Assigned task -
Go through the entries below and collect each line with the string "section" in it.

==================================================

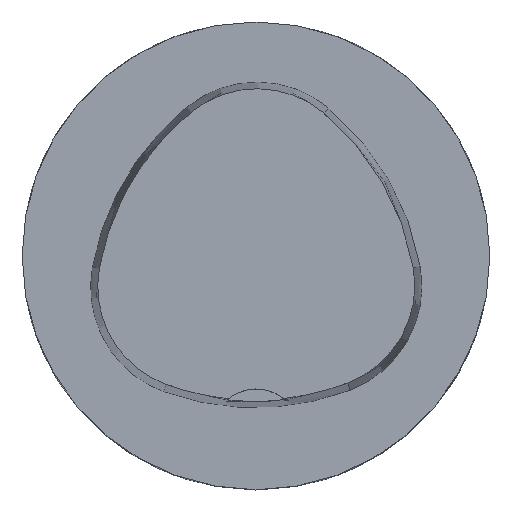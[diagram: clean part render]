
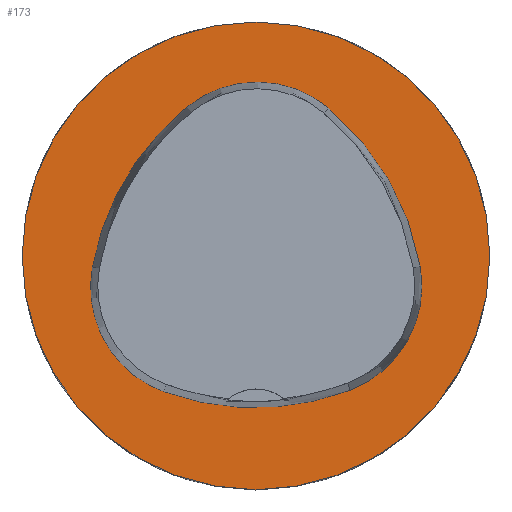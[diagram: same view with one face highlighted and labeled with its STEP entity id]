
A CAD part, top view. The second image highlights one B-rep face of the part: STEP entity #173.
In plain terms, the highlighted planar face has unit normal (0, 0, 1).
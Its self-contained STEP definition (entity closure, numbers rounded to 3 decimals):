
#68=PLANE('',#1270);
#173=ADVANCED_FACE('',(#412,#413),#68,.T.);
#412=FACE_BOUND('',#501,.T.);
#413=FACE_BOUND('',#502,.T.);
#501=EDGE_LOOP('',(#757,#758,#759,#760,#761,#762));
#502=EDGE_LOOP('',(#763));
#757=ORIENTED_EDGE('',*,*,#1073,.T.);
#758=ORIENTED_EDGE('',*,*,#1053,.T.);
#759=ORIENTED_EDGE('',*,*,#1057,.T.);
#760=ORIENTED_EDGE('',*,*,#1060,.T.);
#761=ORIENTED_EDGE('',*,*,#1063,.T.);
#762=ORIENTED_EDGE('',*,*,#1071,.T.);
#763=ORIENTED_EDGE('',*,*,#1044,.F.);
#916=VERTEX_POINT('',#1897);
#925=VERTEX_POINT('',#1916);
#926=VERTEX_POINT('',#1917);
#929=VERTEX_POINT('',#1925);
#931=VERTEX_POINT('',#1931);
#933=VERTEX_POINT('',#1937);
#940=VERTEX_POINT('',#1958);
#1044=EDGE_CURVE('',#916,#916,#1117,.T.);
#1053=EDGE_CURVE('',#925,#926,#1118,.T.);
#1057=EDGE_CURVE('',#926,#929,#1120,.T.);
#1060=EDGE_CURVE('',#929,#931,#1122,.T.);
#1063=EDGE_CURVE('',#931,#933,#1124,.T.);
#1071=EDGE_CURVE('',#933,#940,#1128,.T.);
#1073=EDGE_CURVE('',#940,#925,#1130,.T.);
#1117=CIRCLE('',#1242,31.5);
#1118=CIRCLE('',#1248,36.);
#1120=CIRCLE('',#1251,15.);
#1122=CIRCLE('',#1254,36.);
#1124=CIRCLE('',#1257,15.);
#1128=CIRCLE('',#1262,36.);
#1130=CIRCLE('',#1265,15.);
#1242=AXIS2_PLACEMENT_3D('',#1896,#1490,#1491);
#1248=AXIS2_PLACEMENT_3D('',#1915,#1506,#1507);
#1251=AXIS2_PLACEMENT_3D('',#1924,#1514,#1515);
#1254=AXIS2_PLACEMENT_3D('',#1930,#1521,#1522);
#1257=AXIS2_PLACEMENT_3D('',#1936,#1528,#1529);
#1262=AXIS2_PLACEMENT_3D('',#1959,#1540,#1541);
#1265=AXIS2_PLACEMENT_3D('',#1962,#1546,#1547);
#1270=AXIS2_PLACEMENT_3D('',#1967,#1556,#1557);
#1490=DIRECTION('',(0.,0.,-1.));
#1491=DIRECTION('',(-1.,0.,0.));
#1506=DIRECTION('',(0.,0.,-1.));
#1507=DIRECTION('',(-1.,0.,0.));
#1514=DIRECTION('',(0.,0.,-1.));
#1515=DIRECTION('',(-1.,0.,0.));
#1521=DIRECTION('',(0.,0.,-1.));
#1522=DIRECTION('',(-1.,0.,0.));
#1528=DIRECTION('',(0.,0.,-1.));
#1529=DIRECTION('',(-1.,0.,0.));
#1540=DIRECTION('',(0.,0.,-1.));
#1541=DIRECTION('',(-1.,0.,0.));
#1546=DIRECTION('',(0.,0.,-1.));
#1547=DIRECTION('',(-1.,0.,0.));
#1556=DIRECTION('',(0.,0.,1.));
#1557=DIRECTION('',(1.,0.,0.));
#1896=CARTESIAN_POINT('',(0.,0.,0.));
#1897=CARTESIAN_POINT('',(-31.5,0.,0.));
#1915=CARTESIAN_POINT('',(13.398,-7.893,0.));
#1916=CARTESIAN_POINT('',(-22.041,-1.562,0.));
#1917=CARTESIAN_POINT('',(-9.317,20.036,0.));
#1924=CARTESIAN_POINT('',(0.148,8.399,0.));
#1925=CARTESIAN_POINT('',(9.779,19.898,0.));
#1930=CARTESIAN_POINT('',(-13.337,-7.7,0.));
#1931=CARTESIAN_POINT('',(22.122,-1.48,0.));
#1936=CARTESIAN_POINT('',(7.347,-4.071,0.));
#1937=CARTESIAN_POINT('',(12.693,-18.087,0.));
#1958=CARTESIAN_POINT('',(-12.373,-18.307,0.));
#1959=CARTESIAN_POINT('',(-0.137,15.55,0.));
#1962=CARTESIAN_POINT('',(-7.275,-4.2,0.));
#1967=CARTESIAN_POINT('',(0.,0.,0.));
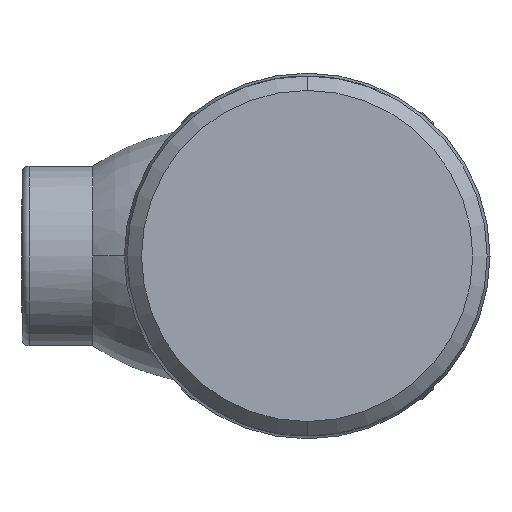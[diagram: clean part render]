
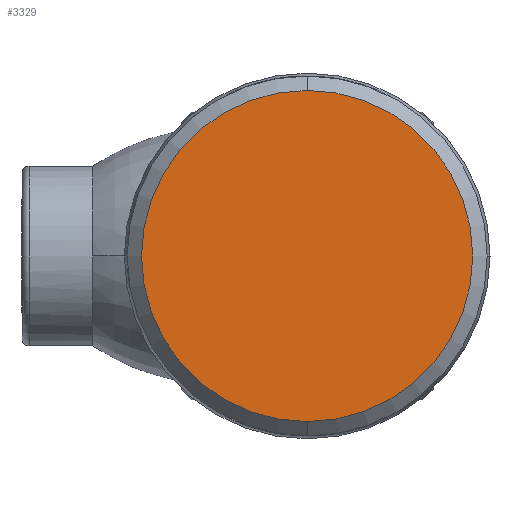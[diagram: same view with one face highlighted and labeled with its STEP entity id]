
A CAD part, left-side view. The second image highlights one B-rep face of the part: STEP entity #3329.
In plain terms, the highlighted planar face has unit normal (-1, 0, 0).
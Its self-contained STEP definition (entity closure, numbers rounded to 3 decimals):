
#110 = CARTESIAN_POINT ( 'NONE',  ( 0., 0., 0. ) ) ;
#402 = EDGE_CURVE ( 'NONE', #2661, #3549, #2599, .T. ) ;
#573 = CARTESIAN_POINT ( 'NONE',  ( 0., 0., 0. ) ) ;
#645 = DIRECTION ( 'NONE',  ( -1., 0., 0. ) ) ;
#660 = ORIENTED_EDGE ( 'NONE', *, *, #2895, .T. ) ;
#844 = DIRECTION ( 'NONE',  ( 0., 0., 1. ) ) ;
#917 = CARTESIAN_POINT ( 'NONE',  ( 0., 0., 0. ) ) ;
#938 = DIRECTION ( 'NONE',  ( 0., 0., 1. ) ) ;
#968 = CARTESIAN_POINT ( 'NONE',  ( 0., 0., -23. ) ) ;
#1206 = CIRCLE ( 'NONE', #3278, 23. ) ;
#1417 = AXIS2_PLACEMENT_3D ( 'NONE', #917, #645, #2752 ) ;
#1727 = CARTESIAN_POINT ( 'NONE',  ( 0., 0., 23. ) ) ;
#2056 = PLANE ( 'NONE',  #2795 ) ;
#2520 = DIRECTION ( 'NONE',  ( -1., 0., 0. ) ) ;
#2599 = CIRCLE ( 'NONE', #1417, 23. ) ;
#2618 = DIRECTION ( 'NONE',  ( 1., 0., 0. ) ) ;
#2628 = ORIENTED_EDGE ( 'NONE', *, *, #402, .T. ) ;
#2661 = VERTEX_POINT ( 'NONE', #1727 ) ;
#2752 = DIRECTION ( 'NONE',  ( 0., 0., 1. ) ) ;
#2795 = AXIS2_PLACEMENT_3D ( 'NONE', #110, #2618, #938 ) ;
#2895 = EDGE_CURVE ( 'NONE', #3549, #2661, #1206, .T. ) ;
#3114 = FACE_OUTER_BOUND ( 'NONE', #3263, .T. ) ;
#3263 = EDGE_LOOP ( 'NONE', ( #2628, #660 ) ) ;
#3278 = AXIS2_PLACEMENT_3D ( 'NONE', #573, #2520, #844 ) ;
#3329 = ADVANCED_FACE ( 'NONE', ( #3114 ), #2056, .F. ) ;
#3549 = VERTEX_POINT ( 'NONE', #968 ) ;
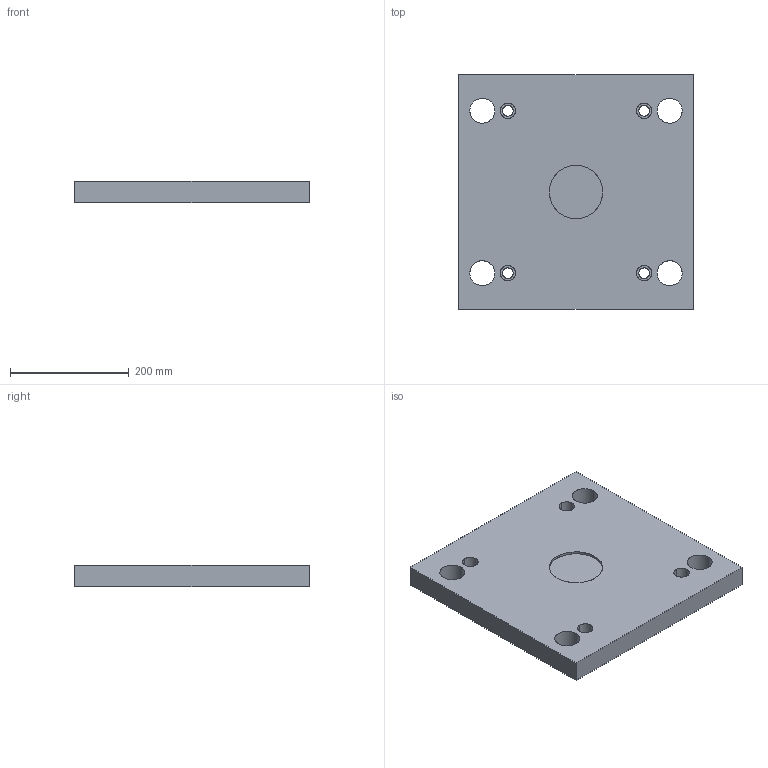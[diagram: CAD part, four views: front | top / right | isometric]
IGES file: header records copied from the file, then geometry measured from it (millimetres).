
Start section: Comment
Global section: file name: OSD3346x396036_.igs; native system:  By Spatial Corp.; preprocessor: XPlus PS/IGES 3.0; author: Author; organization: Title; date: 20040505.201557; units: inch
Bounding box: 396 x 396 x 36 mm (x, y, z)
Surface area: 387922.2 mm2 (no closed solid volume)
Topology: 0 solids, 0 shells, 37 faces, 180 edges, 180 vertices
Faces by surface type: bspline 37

==================================================

Answer to the exercise -
Start section: Comment
Global section: file name: OSD3346x396036_.igs; native system:  By Spatial Corp.; preprocessor: XPlus PS/IGES 3.0; author: Author; organization: Title; date: 20040505.201557; units: inch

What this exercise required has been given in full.